Task to complete - Retype, with no pictures, each line from the one that holds "Vraag: Onder welk" through the last line of the entries below, both included.

╭─ Exercise material

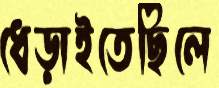
ধেড়াইতেছিলে
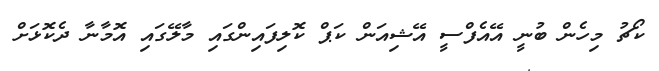
ކޯޗު މިހެން ބުނީ އޭއެފްސީ އޭޝިއަން ކަޕް ކޮލިފައިންގައި މާލޭގައި އޮމާނާ ދެކޮޅަށް
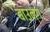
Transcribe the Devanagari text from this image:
बाउन्ग
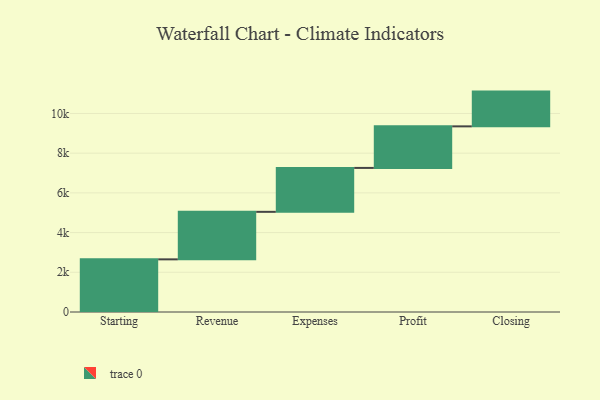
{"axis": {"x": "Step", "y": "Value"}, "legend": [""], "data": [{"x": "Starting", "y": 2652.0, "type": ""}, {"x": "Revenue", "y": 2393.0, "type": ""}, {"x": "Expenses", "y": 2212.0, "type": ""}, {"x": "Profit", "y": 2093.0, "type": ""}, {"x": "Closing", "y": 1751.0, "type": ""}]}
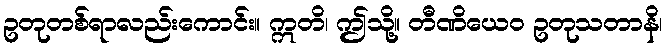
ဥတုတစ်ရာလည်းကောင်း။ ဣတိ၊ ဤသို့။ တီဏိယေဝ ဥတုသတာနိ၊
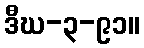
ဒီဃ-၃-၉၁။
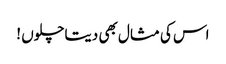
اس کی مثال بھی دیتاچلوں !
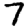
Digit: 7
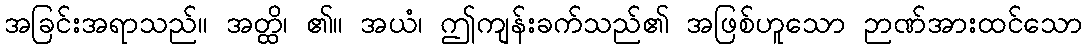
အခြင်းအရာသည်။ အတ္ထိ၊ ၏။ အယံ၊ ဤကျန်းခက်သည်၏ အဖြစ်ဟူသော ဉာဏ်အားထင်သော
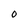
Character: O
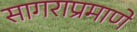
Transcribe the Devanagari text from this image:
सागराप्रमाणे
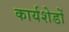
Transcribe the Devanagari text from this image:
कार्यशेडों
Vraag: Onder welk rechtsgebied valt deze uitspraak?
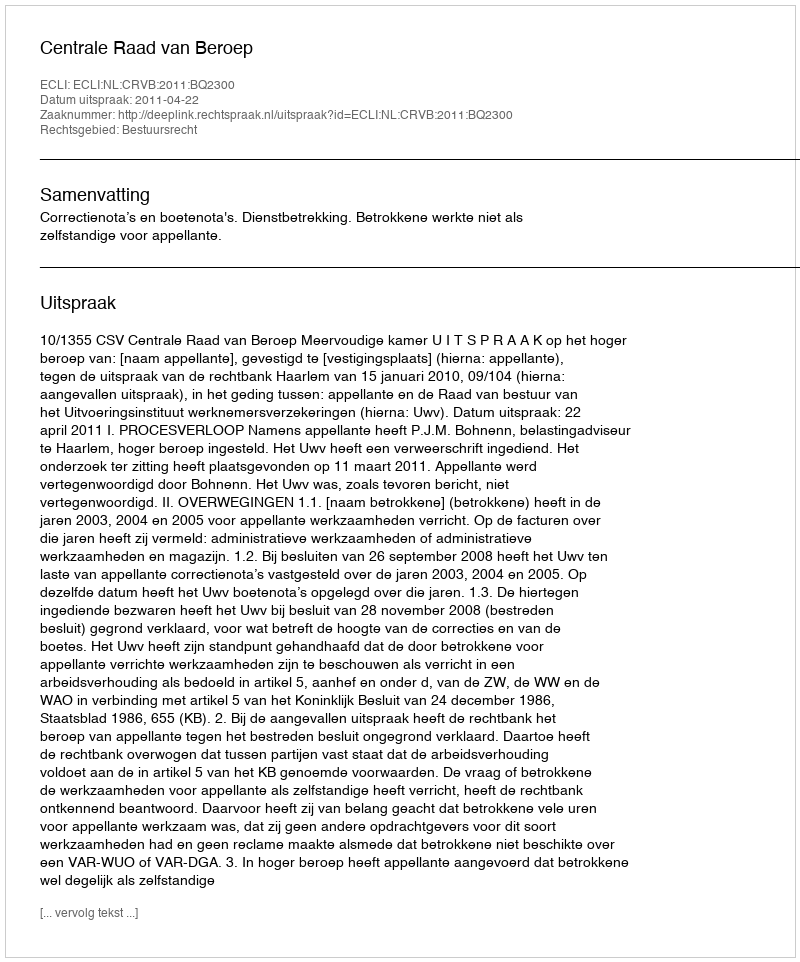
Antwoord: Bestuursrecht
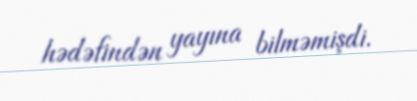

╰─

Answer to this task -
Vraag: Onder welk rechtsgebied valt deze uitspraak?
Antwoord: Bestuursrecht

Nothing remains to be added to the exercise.